Archive for the ‘News Updates’ Category

Protect your home address at Companies House

Thursday, May 3rd, 2018

For those of us who are reluctant to see our home address on publicly available websites such as that provided by Companies House, they will be pleased by a recent change to data suppression laws. This should help you remove your home address from publicly available company documents in certain cases.

Companies House have announced:

The law has been changed to make it easier to remove your home address from the company register. This applies to company directors and others such as secretaries, people with significant control and LLP members, whose home address is publicly available on company documents.

To remove your home address, you can apply at a cost of £55 for each document you want to suppress.

You must provide an alternative correspondence address if you are still appointed to a live company, such as a current director. This will replace your home address on the public register.

If you are no longer appointed to a company, you do not need to provide an alternative address. Instead, only the first half of your postcode will be available to the public.

You cannot use this process to remove a home address if you have used it as a company’s registered office.
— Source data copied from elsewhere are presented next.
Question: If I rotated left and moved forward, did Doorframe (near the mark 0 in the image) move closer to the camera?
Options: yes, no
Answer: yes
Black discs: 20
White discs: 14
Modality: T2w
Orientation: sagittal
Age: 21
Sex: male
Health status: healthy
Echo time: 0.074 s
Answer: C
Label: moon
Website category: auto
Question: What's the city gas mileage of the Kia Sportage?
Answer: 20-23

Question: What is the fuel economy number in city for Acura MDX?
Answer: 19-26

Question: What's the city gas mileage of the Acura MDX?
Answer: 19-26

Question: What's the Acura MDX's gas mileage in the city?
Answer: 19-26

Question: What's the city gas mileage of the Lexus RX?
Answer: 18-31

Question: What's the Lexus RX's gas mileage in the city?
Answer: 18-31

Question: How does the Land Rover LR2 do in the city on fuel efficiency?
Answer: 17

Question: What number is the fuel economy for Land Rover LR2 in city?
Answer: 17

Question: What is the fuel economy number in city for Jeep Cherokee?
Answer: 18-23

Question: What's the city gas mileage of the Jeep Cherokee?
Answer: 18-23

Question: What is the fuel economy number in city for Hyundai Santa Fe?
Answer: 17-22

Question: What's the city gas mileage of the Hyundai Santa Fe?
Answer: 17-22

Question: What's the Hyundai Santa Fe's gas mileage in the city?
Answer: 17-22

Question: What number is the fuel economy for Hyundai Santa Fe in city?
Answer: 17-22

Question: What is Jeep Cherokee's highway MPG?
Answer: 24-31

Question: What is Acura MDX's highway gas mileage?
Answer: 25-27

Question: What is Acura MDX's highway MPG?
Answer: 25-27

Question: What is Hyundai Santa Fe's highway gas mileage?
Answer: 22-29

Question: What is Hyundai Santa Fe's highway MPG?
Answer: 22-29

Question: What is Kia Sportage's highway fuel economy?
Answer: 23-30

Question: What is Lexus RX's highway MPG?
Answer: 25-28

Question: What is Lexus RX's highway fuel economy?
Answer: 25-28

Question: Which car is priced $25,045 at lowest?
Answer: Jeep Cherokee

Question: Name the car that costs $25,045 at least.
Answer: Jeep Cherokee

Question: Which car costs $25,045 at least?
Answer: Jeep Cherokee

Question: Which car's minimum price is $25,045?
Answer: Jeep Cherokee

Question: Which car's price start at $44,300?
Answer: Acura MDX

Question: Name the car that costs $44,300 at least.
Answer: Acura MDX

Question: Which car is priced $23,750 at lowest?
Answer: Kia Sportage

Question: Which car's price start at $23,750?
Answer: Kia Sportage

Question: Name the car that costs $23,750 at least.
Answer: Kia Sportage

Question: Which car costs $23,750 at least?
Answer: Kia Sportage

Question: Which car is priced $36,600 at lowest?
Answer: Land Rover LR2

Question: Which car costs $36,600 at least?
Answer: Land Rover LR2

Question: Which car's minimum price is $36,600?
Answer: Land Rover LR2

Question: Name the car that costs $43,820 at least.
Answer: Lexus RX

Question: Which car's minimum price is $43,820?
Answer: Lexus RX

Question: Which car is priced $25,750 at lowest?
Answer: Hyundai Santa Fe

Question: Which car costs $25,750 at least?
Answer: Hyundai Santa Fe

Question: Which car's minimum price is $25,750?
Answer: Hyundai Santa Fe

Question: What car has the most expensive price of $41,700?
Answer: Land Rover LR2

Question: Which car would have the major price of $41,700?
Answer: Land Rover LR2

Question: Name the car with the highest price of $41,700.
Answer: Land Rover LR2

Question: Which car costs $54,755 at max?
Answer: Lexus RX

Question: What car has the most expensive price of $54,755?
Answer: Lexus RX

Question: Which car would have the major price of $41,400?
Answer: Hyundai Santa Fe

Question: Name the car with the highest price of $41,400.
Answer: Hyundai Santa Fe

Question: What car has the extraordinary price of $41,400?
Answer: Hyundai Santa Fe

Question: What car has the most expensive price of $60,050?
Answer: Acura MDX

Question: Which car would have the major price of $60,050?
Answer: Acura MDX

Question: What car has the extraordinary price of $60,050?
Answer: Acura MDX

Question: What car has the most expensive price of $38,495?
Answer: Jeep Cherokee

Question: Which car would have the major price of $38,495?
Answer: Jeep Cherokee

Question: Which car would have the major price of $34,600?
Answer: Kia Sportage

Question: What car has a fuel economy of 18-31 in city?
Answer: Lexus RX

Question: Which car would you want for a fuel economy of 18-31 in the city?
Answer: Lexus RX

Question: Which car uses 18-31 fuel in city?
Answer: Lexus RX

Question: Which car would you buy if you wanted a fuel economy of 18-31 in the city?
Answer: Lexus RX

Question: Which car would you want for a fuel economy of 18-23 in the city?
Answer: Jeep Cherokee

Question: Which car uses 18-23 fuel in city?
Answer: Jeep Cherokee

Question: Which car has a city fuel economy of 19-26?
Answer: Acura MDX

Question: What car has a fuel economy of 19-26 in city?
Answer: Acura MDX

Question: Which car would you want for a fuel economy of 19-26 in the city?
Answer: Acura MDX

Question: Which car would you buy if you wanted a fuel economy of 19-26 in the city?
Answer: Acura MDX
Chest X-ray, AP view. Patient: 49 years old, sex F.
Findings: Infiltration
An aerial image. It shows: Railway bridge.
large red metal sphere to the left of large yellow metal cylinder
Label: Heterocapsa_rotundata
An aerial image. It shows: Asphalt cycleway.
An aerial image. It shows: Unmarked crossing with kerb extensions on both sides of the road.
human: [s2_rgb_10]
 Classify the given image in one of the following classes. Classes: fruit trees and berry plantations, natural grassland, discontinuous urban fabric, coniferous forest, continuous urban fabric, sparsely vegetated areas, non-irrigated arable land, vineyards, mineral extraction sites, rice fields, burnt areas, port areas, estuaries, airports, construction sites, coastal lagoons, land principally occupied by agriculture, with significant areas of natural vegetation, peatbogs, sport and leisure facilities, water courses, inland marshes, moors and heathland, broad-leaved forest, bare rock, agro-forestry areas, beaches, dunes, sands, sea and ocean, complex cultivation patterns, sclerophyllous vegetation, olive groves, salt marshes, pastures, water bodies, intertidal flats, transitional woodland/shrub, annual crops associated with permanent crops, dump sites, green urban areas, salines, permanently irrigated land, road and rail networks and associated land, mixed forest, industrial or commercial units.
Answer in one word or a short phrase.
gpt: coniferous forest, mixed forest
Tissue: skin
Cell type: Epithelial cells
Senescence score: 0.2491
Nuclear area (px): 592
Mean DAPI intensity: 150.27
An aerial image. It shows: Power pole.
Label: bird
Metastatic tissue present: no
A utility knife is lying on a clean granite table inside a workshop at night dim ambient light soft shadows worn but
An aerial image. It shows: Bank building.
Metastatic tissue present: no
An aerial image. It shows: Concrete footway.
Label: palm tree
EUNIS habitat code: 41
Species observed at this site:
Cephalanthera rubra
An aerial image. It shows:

If you would like to take advantage of this facility you can wade through the Companies House Guidance on their website, search for “Restricting the disclosure of your information”. Or we can discuss your options and deal with the paperwork for you.

Source: New feed

HMRC plea to tackle online VAT fraud

Tuesday, May 1st, 2018

According to government sources HMRC are asking online market places to sign an “agreement” to keep their users the right side of the law. In a recent announcement HMRC said:

“… the agreement will help online market place platforms meet their responsibility to ensure their sellers understand the tax rules, and prevent fraud taking place on their watch.”

We assume that the intention is to discourage users setting up shop and avoiding their VAT dues by avoiding registration.

 

An online marketplace is defined in VAT legislation as a website, or any other means by which information is made available over the internet, through which persons other than the operator can offer goods for sale (whether the operator also does so).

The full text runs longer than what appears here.